Be honest: We kid ourselves when we pour

I set out to do Dry January, but ended up doing a tidier version I’m calling Dry Jan, which ended last week. Just being forthright here, so you know I’m not preaching. While I’m fully aware that alcohol is bad for my health, I enjoy it. I acknowledge I’m making a tradeoff between temporary joy and long-term health, and I try to moderate my intake. I eat ice cream sometimes, too. OK, I eat ice cream a lot. I love ice cream!

Otherwise I have a pretty healthy diet, exercise regularly, and sleep well most nights. I lean into moderation in many things. But that’s not what I came here to tell you.
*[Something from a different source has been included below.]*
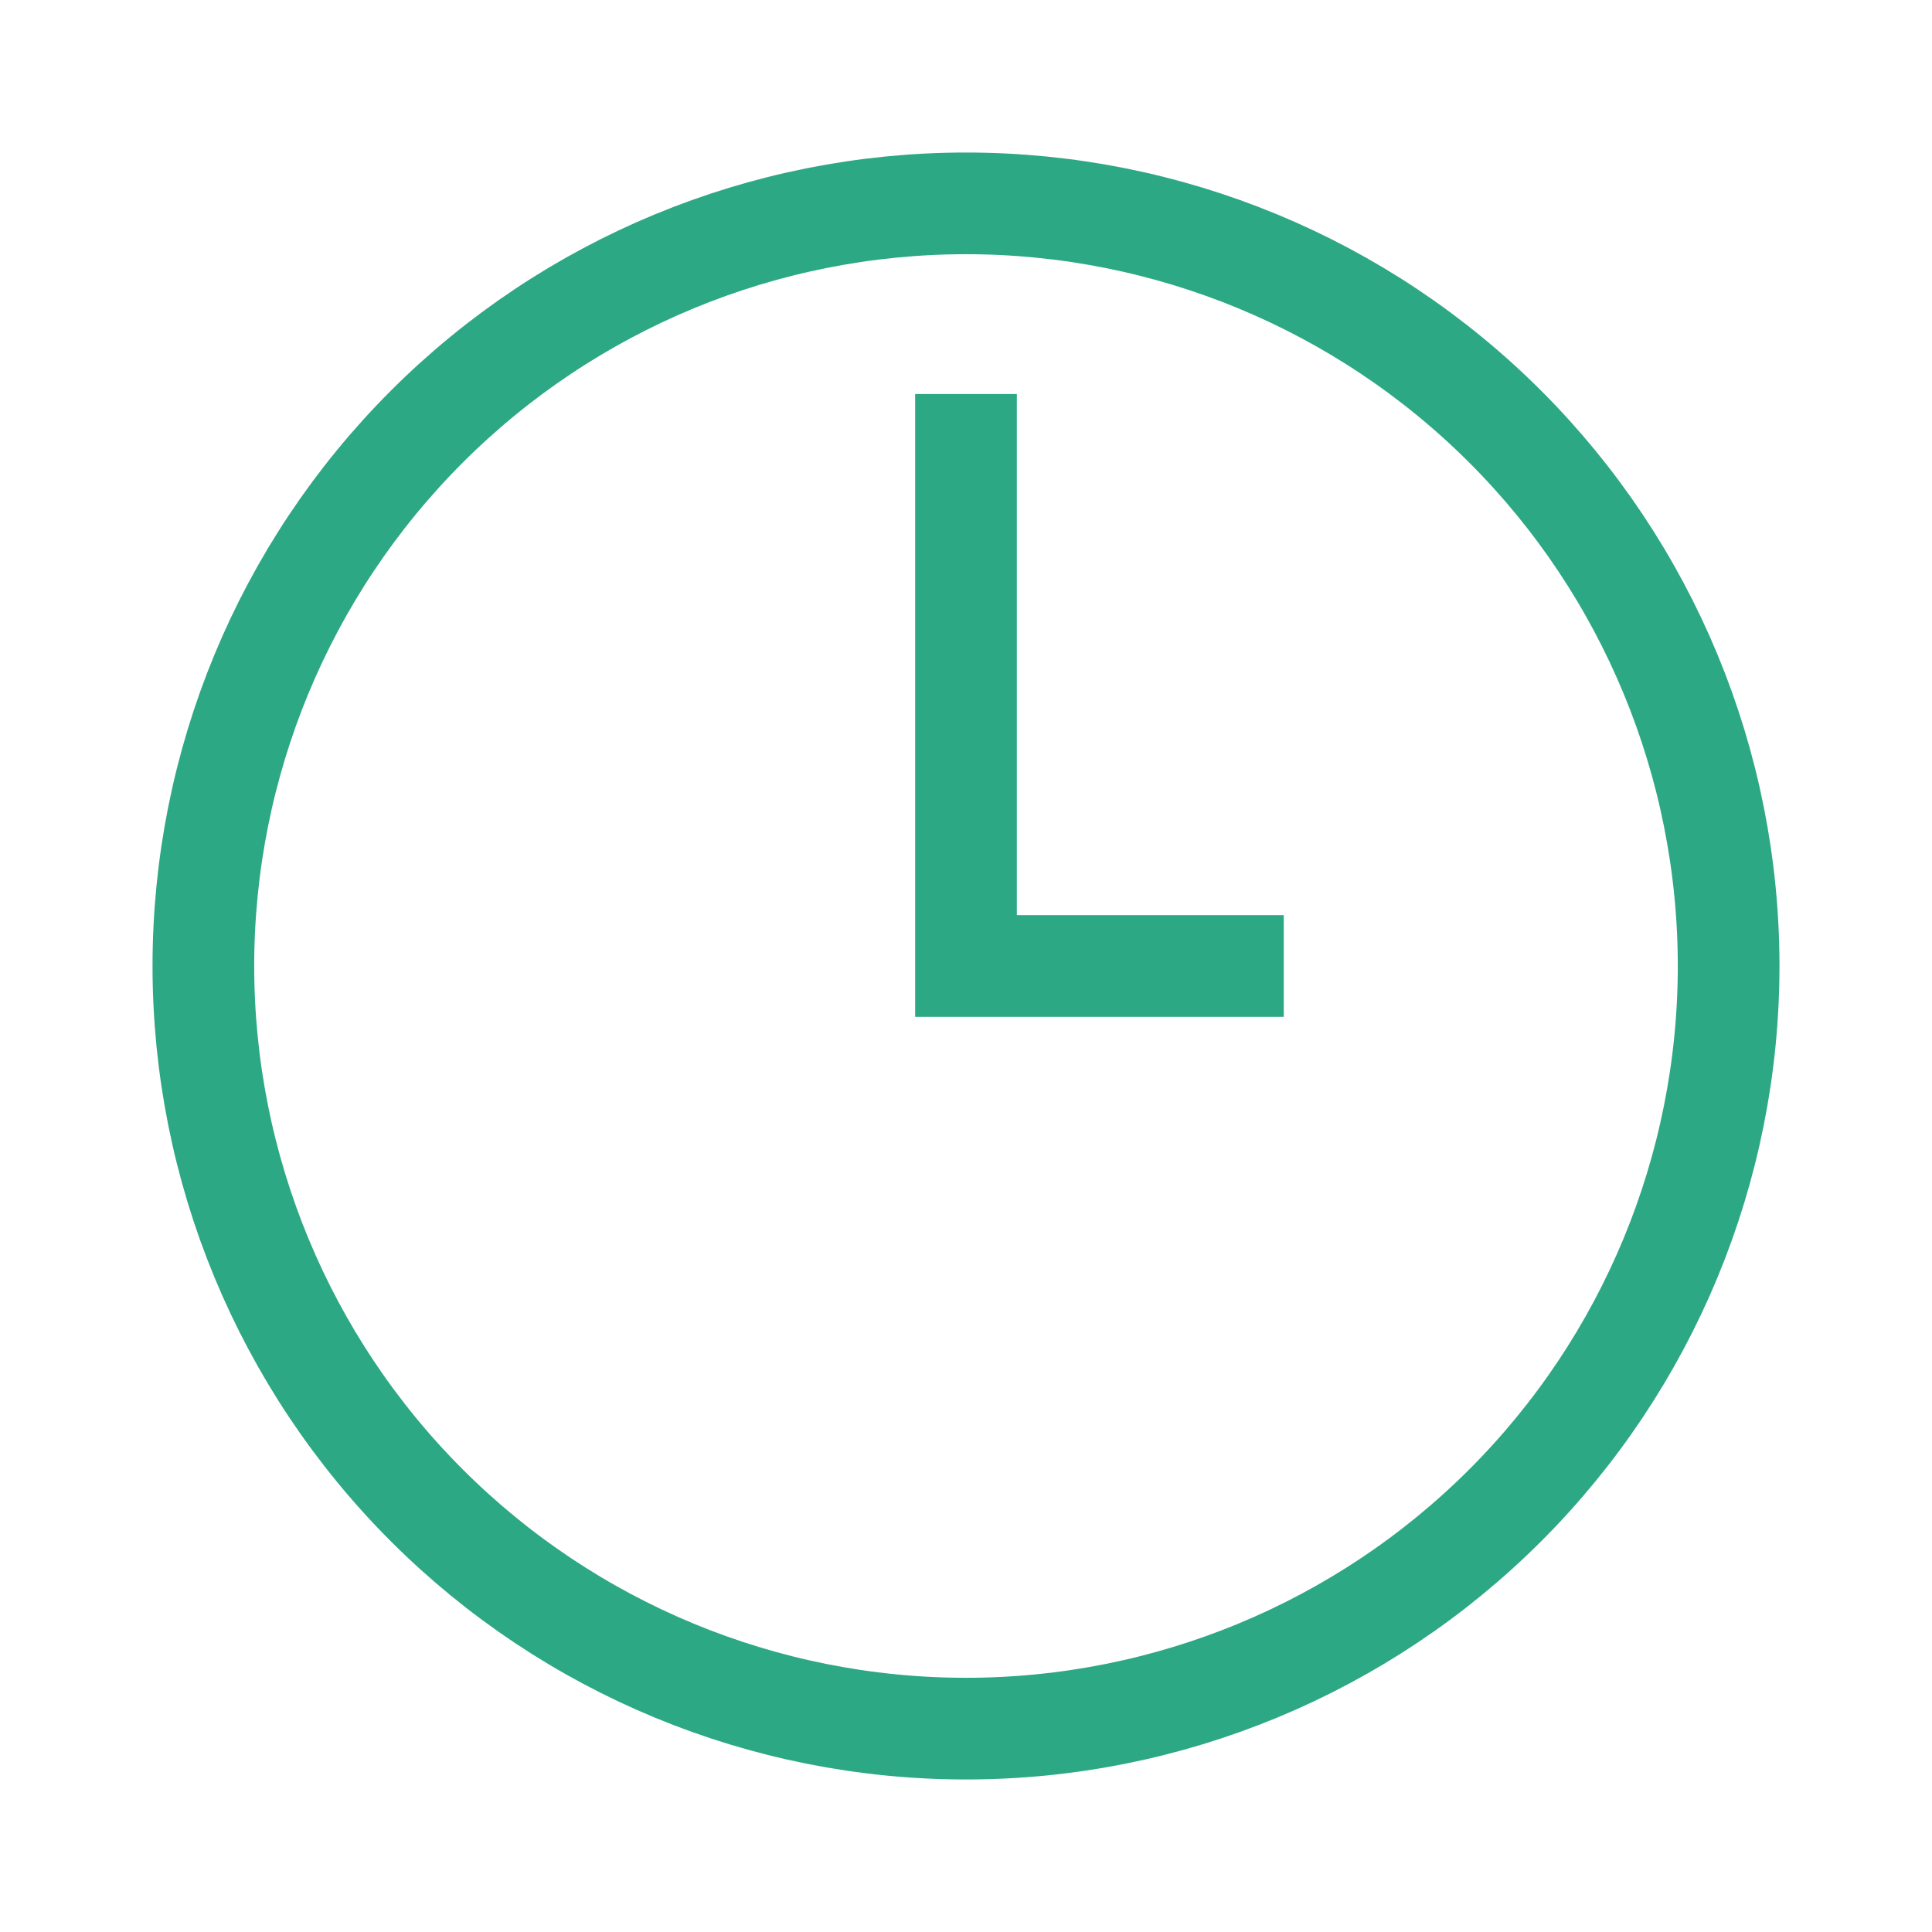 <svg width="38" height="38" viewBox="0 0 38 38" fill="none" xmlns="http://www.w3.org/2000/svg">
<path d="M19 4C15.022 4 11.206 5.58 8.393 8.393C5.58 11.206 4 15.022 4 19C4 22.978 5.58 26.794 8.393 29.607C11.206 32.42 15.022 34 19 34C22.978 34 26.794 32.42 29.607 29.607C32.42 26.794 34 22.978 34 19C34 15.022 32.42 11.206 29.607 8.393C26.794 5.58 22.978 4 19 4V4Z" stroke="#2DA884" stroke-width="2"/>
<path d="M19 7.75V19H25.25" stroke="#2DA884" stroke-width="2"/>
</svg>

Here’s the confession I feel compelled to make:

When I pour myself a stiff drink or a glass of wine, I don’t typically measure the serving size. When I do get precise, I’m always surprised how little booze is in “one drink.” Just last night, for example, I was drinking vodka with fresh-squeezed lemon, and I didn’t bother to measure. I’m feeling the effects of that imprecision today.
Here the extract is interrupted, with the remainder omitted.